*WHAT YOU ARE ASKED TO DO*
Transcribe the records exactly. Pictures do not belong in the transcription.

══ RECORDS SHOWN ══

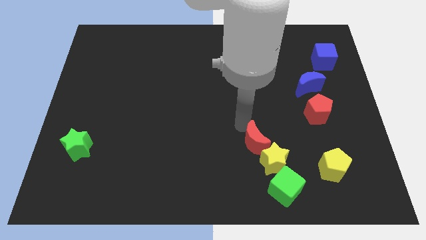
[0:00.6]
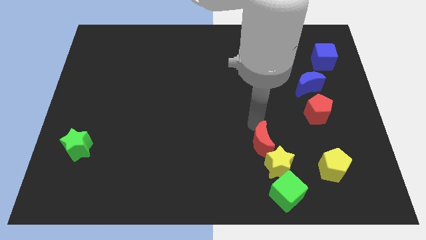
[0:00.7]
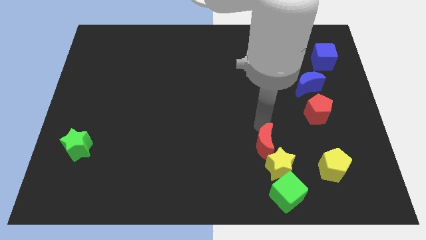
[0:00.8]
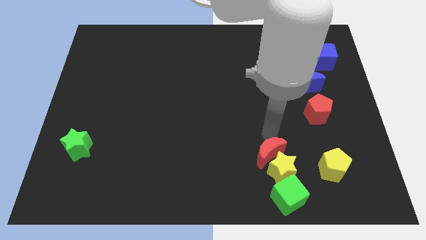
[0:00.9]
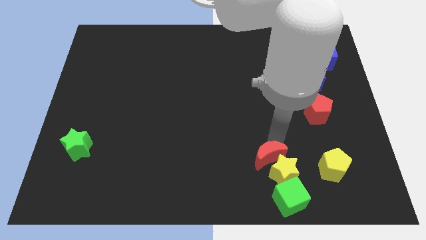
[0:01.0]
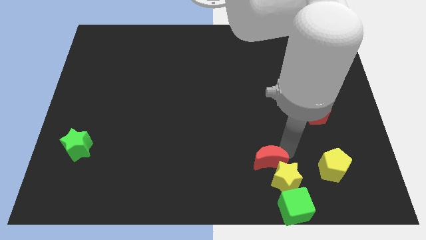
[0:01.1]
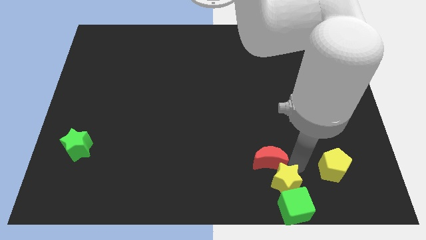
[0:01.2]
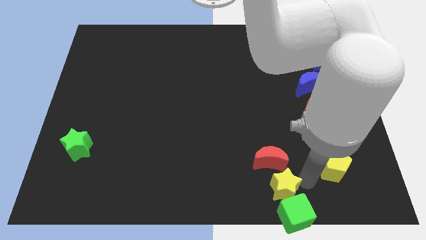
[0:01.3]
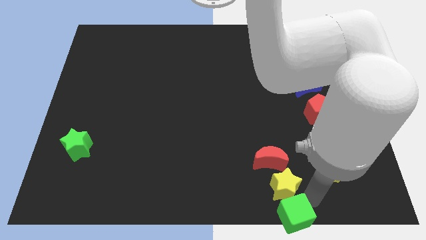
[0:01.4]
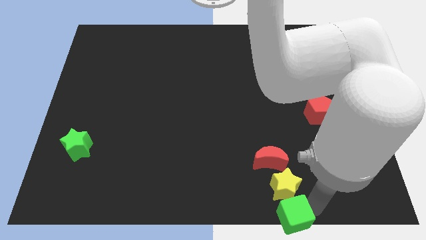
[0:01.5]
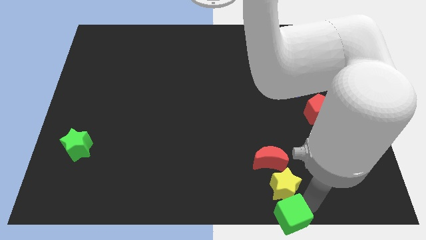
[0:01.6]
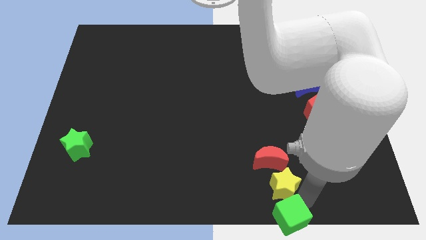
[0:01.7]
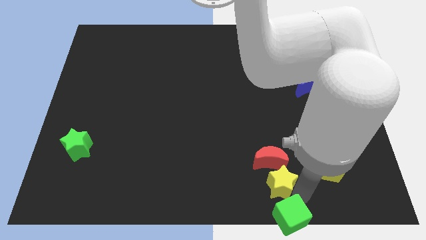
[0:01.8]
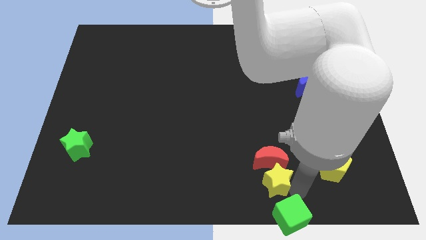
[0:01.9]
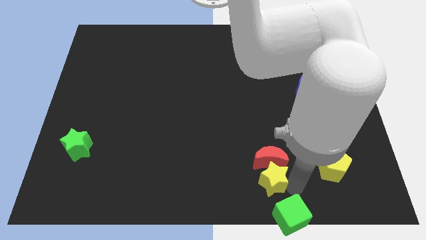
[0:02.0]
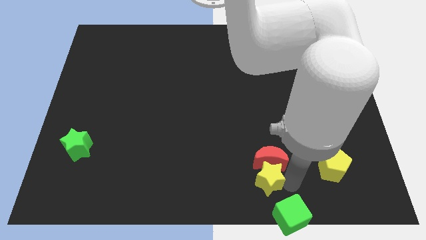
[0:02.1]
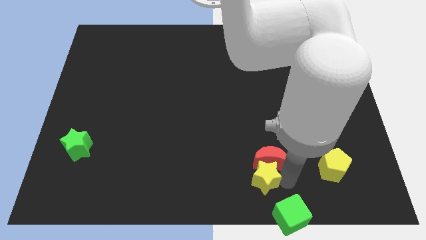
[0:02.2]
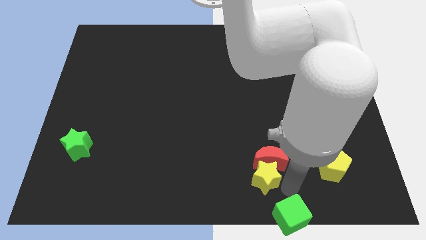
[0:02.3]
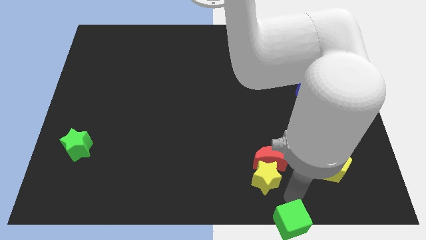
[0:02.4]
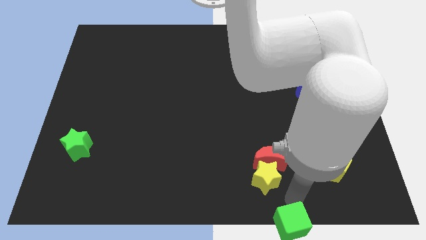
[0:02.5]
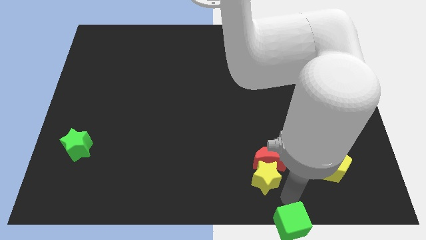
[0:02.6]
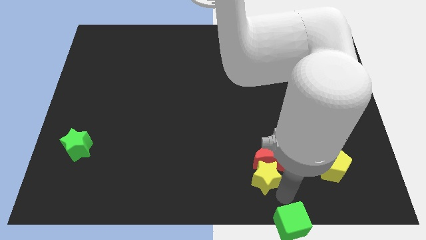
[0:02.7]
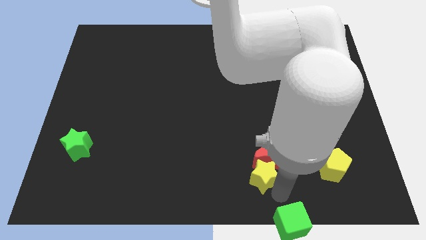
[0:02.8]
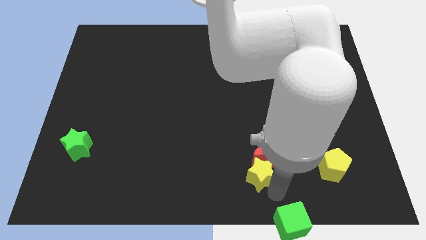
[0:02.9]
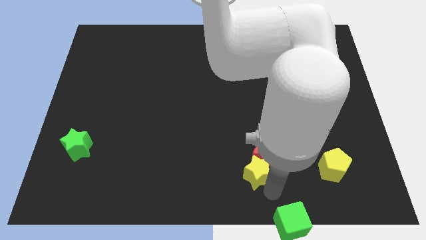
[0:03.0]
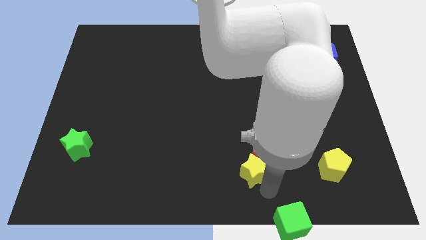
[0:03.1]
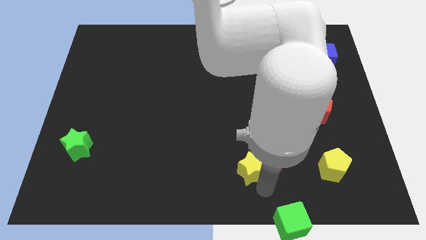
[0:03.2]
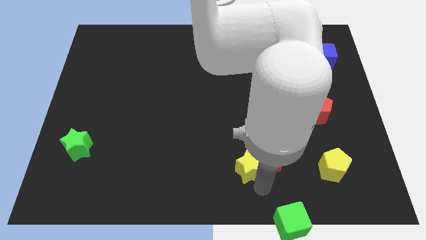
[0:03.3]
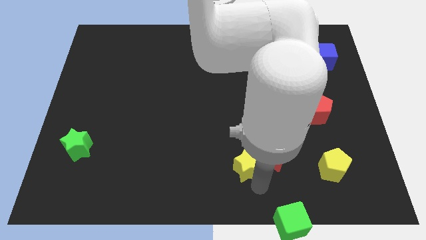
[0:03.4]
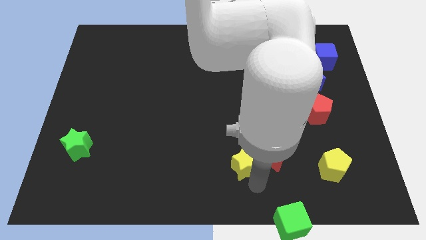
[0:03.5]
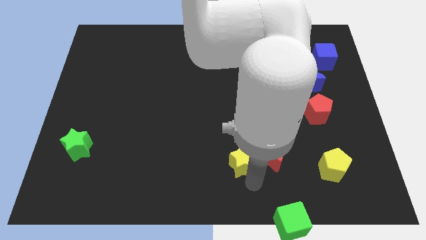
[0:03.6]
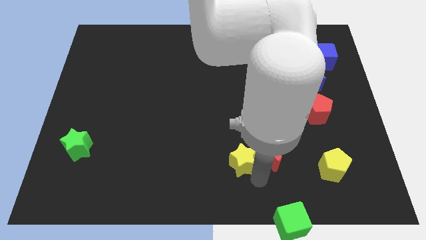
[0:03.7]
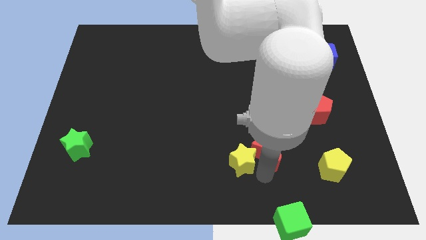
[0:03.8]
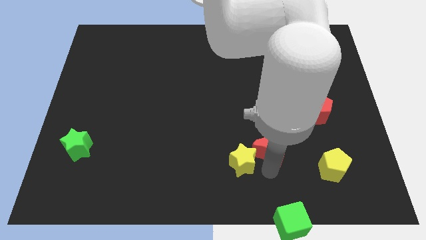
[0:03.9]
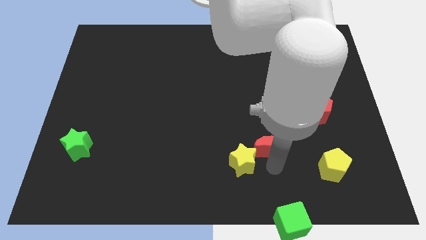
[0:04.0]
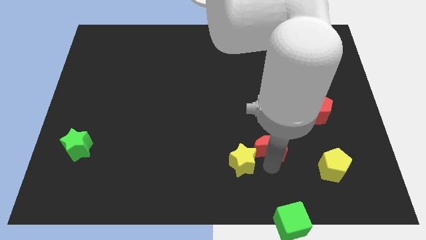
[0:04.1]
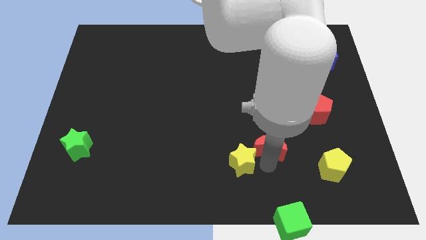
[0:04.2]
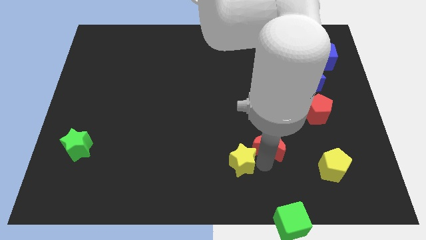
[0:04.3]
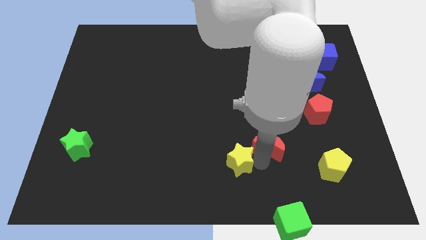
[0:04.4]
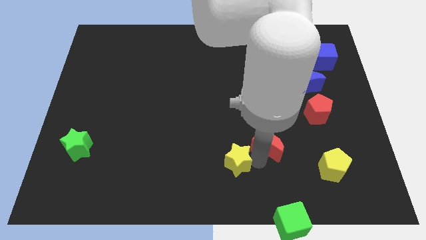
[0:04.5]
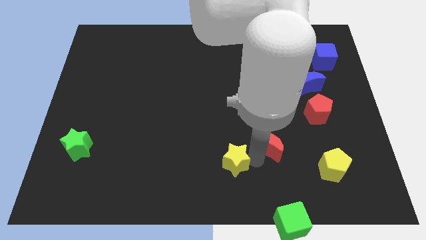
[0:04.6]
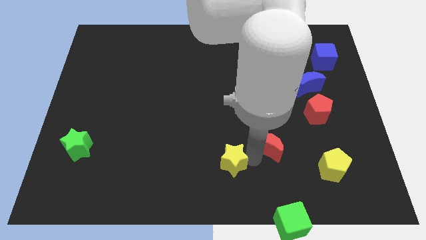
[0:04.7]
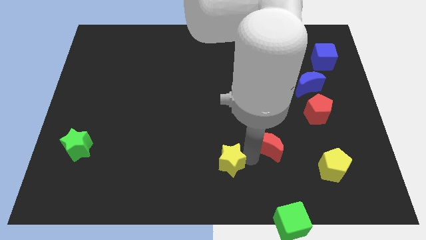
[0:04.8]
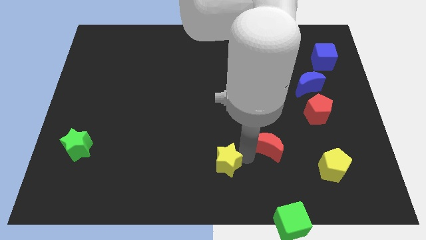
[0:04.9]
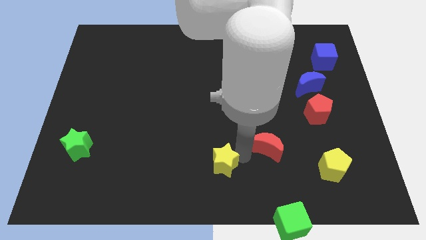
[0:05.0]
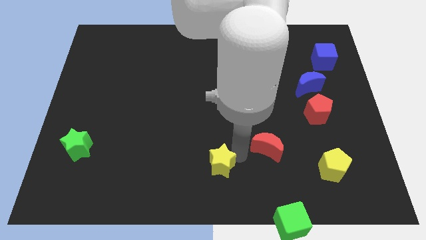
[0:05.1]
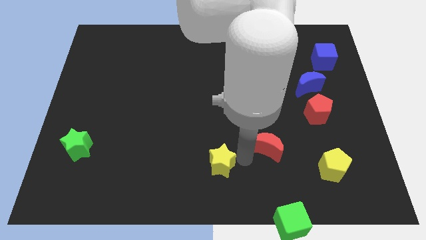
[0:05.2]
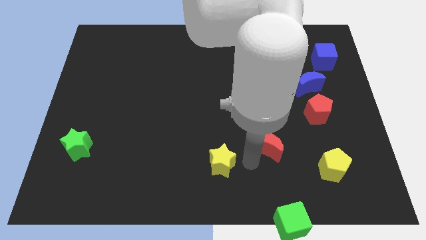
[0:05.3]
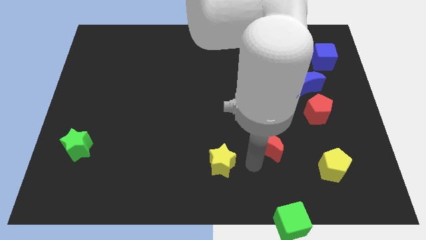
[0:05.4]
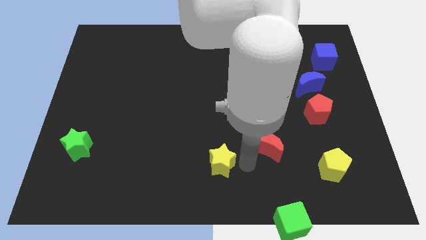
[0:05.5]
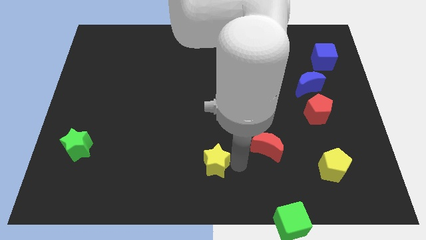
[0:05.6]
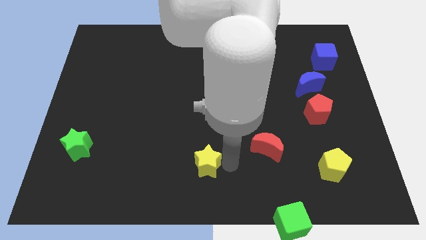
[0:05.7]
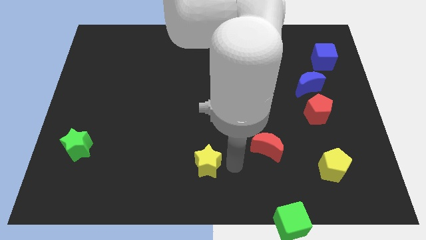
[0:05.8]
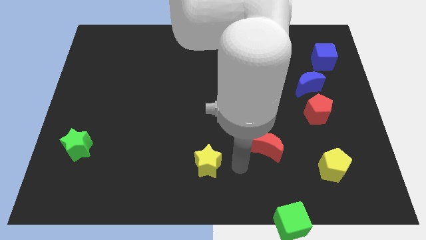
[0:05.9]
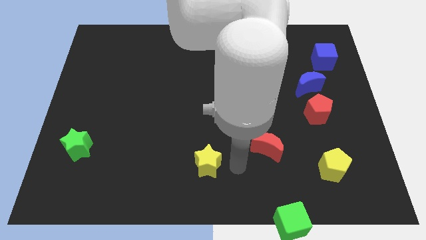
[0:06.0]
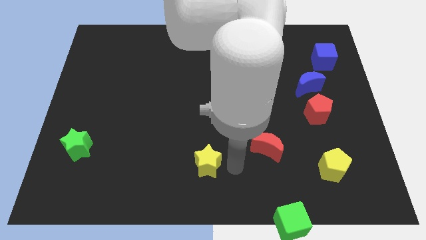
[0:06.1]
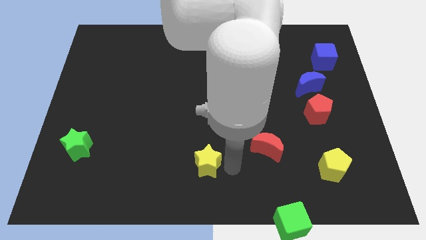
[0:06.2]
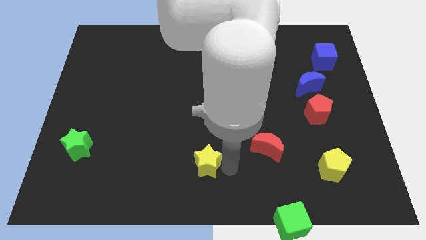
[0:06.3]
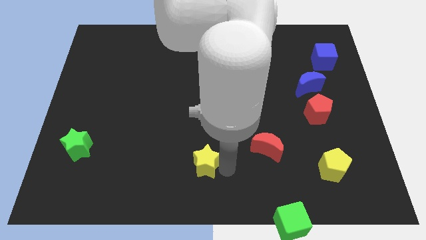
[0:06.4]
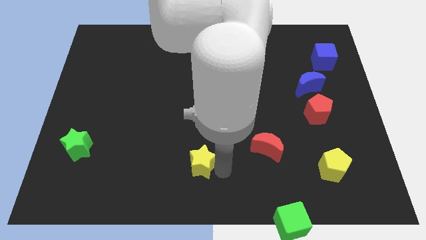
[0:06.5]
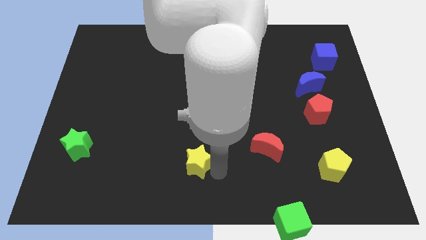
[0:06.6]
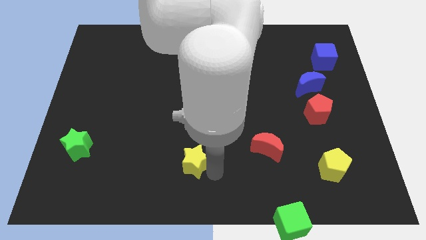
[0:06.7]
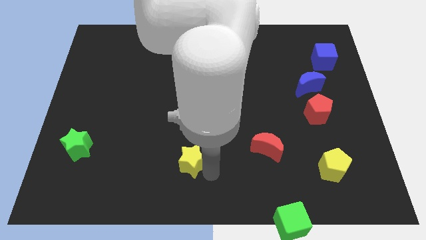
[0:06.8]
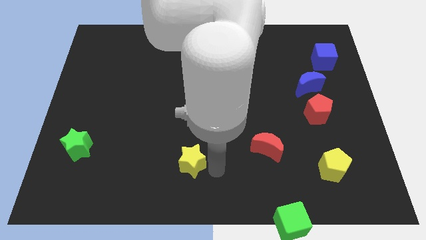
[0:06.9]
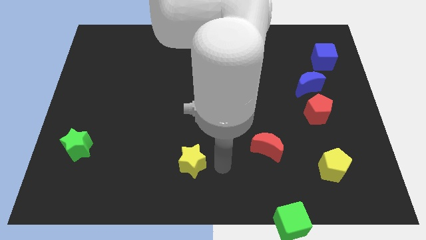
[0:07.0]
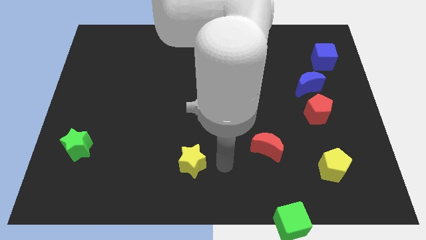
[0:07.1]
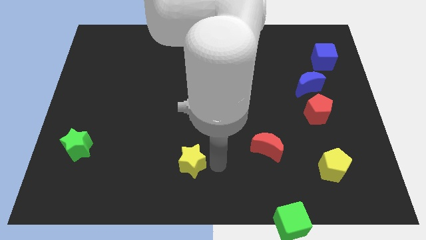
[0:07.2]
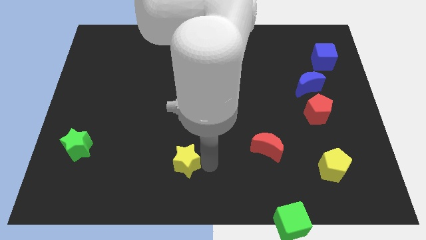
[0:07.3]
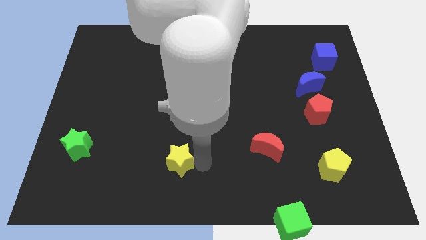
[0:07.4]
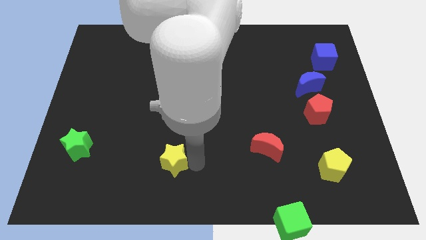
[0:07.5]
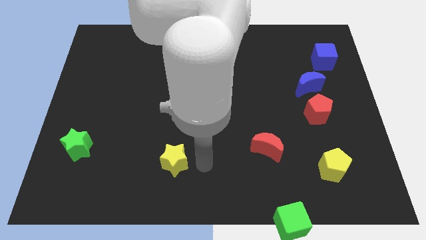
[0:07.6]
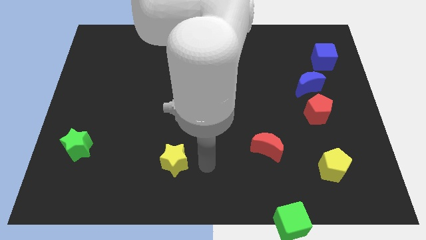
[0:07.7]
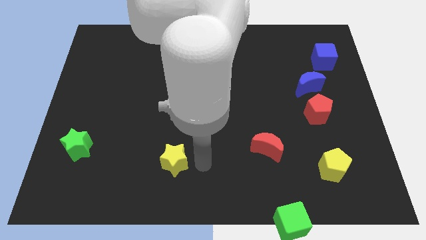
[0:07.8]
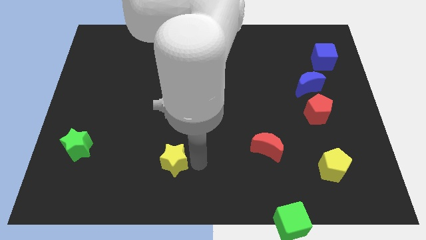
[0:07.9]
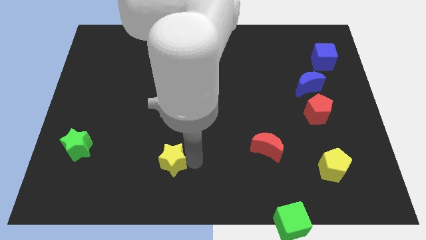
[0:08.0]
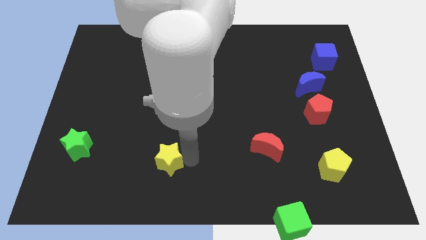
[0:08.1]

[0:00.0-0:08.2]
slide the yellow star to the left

═══

*FINAL ANSWER*
[0:00.6]
[0:00.7]
[0:00.8]
[0:00.9]
[0:01.0]
[0:01.1]
[0:01.2]
[0:01.3]
[0:01.4]
[0:01.5]
[0:01.6]
[0:01.7]
[0:01.8]
[0:01.9]
[0:02.0]
[0:02.1]
[0:02.2]
[0:02.3]
[0:02.4]
[0:02.5]
[0:02.6]
[0:02.7]
[0:02.8]
[0:02.9]
[0:03.0]
[0:03.1]
[0:03.2]
[0:03.3]
[0:03.4]
[0:03.5]
[0:03.6]
[0:03.7]
[0:03.8]
[0:03.9]
[0:04.0]
[0:04.1]
[0:04.2]
[0:04.3]
[0:04.4]
[0:04.5]
[0:04.6]
[0:04.7]
[0:04.8]
[0:04.9]
[0:05.0]
[0:05.1]
[0:05.2]
[0:05.3]
[0:05.4]
[0:05.5]
[0:05.6]
[0:05.7]
[0:05.8]
[0:05.9]
[0:06.0]
[0:06.1]
[0:06.2]
[0:06.3]
[0:06.4]
[0:06.5]
[0:06.6]
[0:06.7]
[0:06.8]
[0:06.9]
[0:07.0]
[0:07.1]
[0:07.2]
[0:07.3]
[0:07.4]
[0:07.5]
[0:07.6]
[0:07.7]
[0:07.8]
[0:07.9]
[0:08.0]
[0:08.1]

[0:00.0-0:08.2]
slide the yellow star to the left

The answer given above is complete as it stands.